I can't get mines to spread or give me that great lawn effect. So I was wondering what conditions do you guys or girls have it growing in. Thanks Eric.


----------



## turtlehead (Nov 27, 2004)

how long have you had it?


----------



## John P. (Nov 24, 2004)

3 watts/gallon (via ODNO, 1 T8, 1 T12) on a 26-G "show" size tank
CO2 @ 30ppm
Seachem Excel
Estimative Index-style dosing Greg Watson ferts & Seachem Flourish 
Temp @ 76 deg F
Undetectable nitrates, ammonia
kh = 4-6
gh = 12-15

I started out with about a pencil eraser size of HC, and have cultivated ~4ft2 at least by now.


----------



## Erirku (Oct 5, 2004)

turtlehead said:


> how long have you had it?


 I have had it for over a month.


----------



## freshreef (May 14, 2004)

I find it very easy plant to grow if u have petience. U must give it time! main took 3 months to spread ...



















other thing u need are : planty of light (over 0.5wpl) and a lot of co2 n no3


----------



## victri (Mar 18, 2004)

Hi Eric,

They'll do well under conditions as Mor b mentioned. It also helps if your substrate is mature/fertile. Root supplements like Flourish tabs will give them a really good boost. Sometimes I have them in a tank where the substrate isn't rich enough. What I do then is tie them to some driftwood. That way, they get everything straight from the water, and grow faster than those in the "weak" gravel.

They're not as difficult as some people think. Hang in there!


----------



## Erirku (Oct 5, 2004)

OK, Mor B are you trying to make me jealous?. I think I'll kick you out of your house and take over that tank for you! LOL . Nice pics. Mine just takes it sweet time. I hope it can spread alittle faster. Oh well. I just wait and see.
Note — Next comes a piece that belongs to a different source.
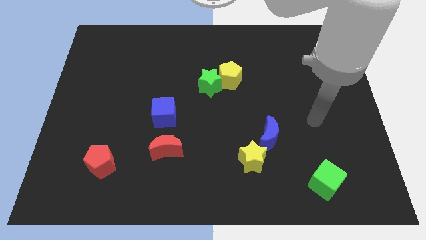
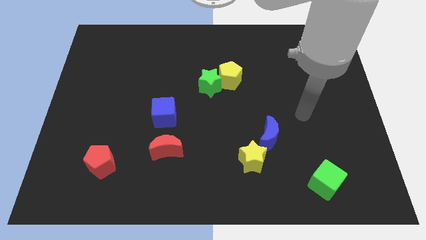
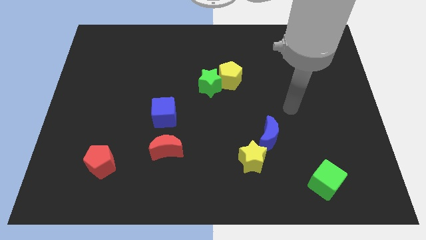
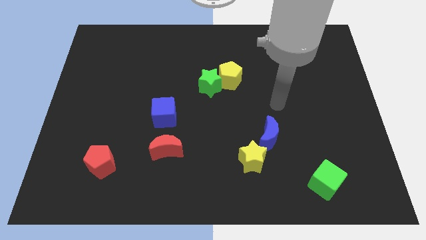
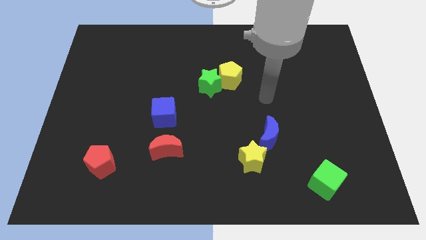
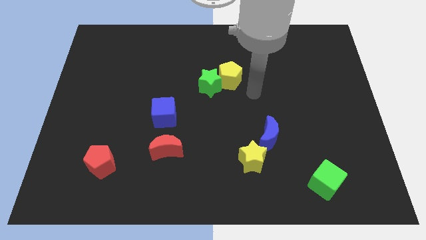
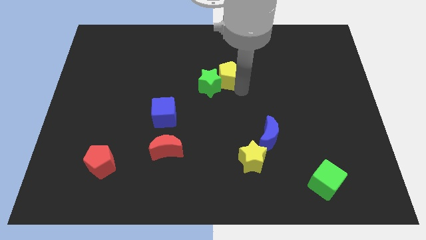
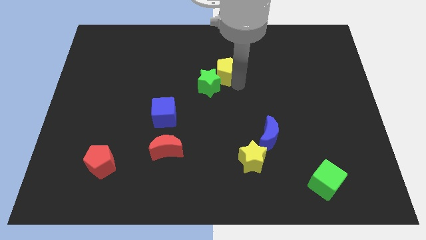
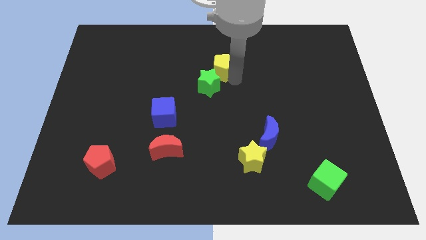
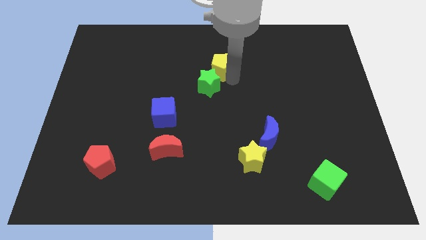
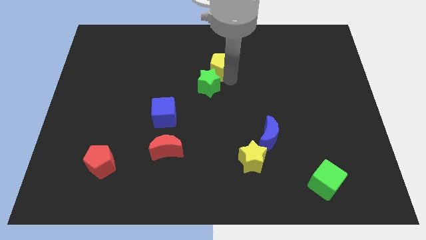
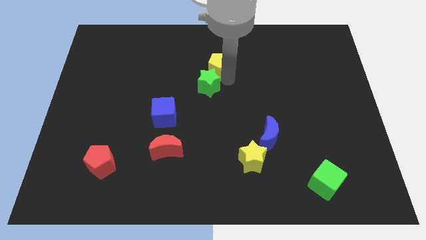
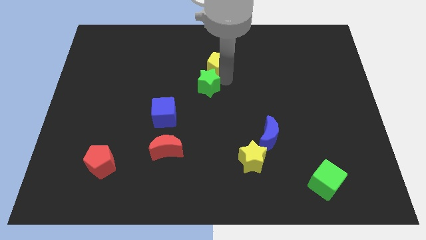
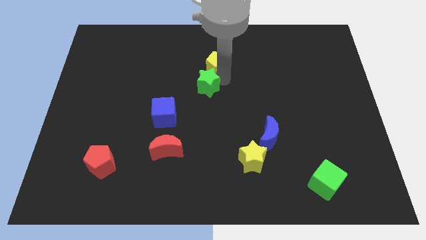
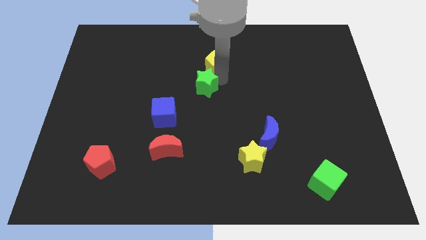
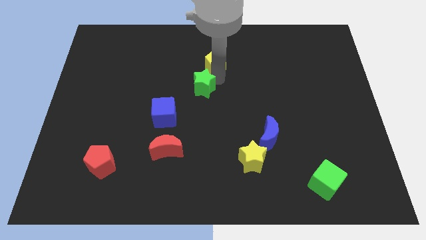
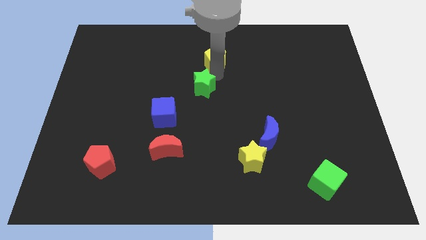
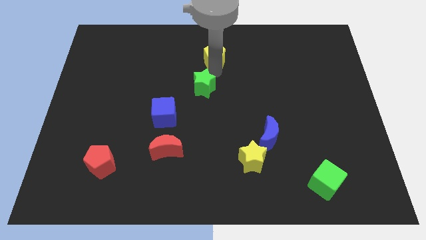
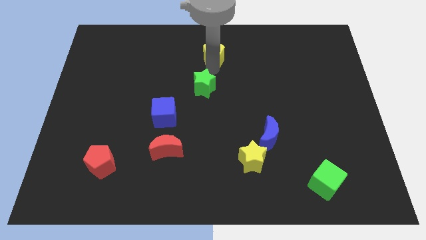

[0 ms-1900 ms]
move the green star away from the yellow pentagon

Thanks you guys and girls.


----------



## freshreef (May 14, 2004)

Erirku said:


> . I hope it can spread alittle faster. Oh well. I just wait and see.
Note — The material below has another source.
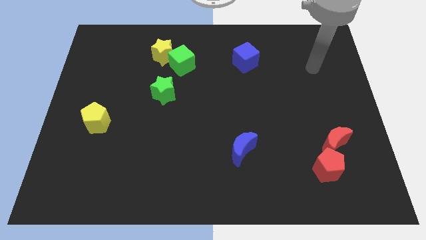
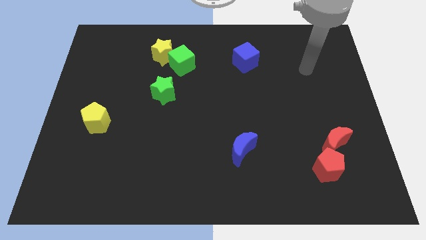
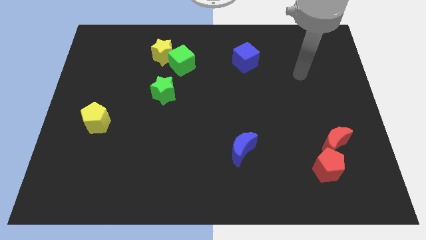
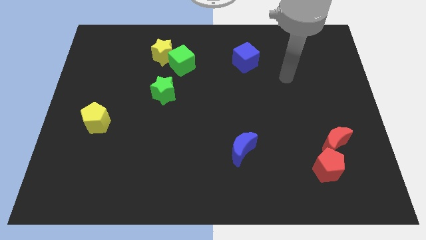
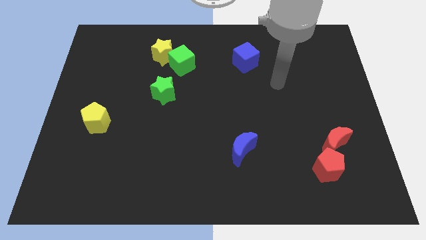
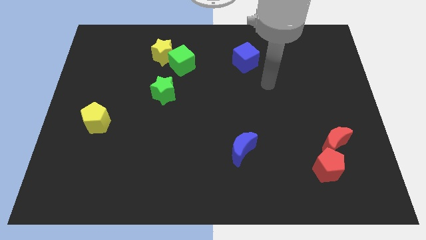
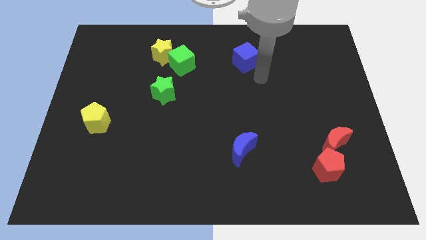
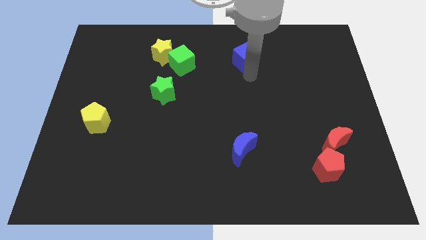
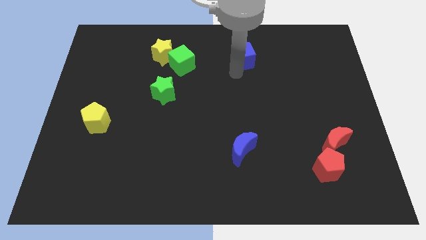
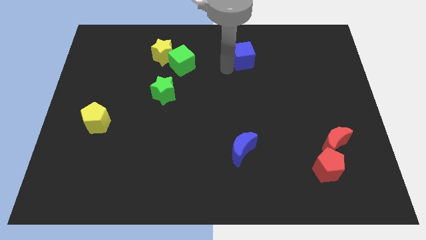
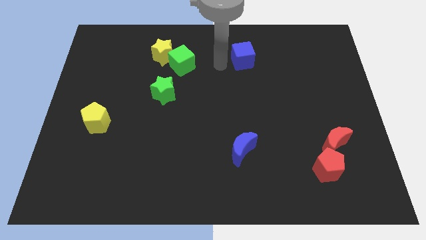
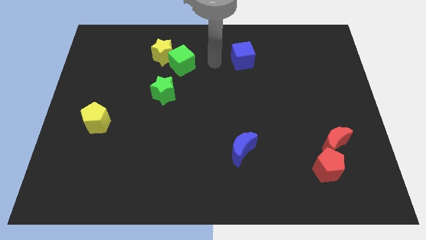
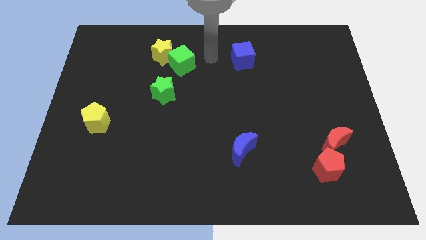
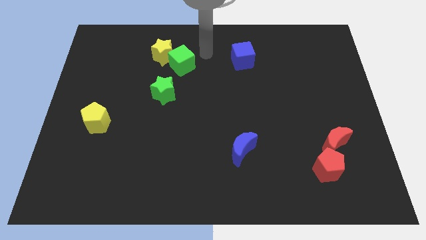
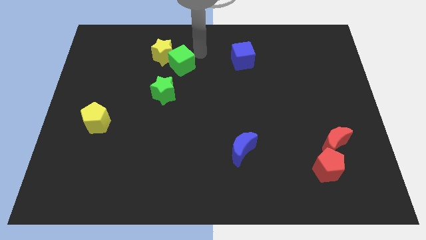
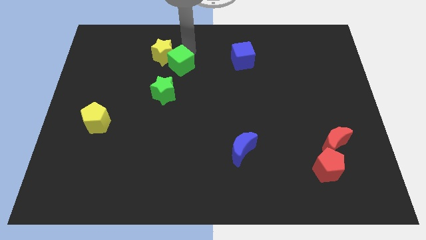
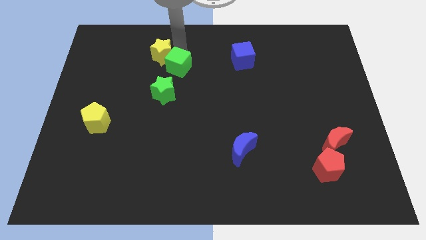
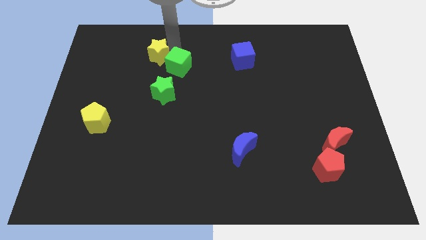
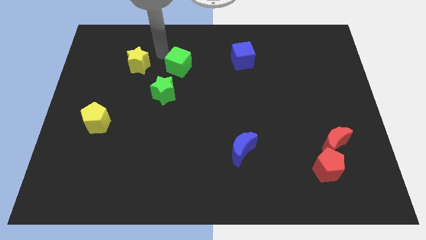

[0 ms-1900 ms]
separate the green cube from the yellow star

 :razz: thats way i love this plant - if it will grow faster it would become a problem like glossostigma ....

here is the same tank with glosso


















and here is how it ended after a short time (look at the back )









and replacing it with hc


----------



## Gomer (Feb 2, 2004)

I have HC in my 40g and I can tell you that ir carpets in both high and low light (1/3 of my tank is significantly shaded by floating stems LOL). It grows slower there, yet still carpeted. I do use ferts almost daily and CO2.


----------



## JeffB (Mar 24, 2005)

*Hc?*

Pardon my ignorance, what is HC (I'm still learning plant names and abbreviations), its just what I need for my tank.


----------



## Fosty (Jun 6, 2004)

> Pardon my ignorance, what is HC (I'm still learning plant names and abbreviations), its just what I need for my tank.


HC is an abbreviation for Hemianthus callitrichoides, a foreground plant, (HC in PlantFinder). Don't worry about not knowing these things, I've kept plants for years now and I still learn things every day.


----------



## JeffB (Mar 24, 2005)

*What WPG?*

I noticed that the plant finder has the light requirement as high. What would be the minimum WPG, would 3 WPG be enough?

Thanks!!


----------



## Praxx42 (Mar 4, 2005)

Holy Carp!









I would love to get my hands on that much unwanted glosso! 
I would also love to get my hands on that much HC and/or elatine too! Just so you don't all think I'm a total glutton for punishment.


----------



## freshreef (May 14, 2004)

praxx, im from ISRAEL. the shippment will cost u more then 40$!!! - try get from local members. if u cant find any, i can send it too u but u will have to pay the S+H


----------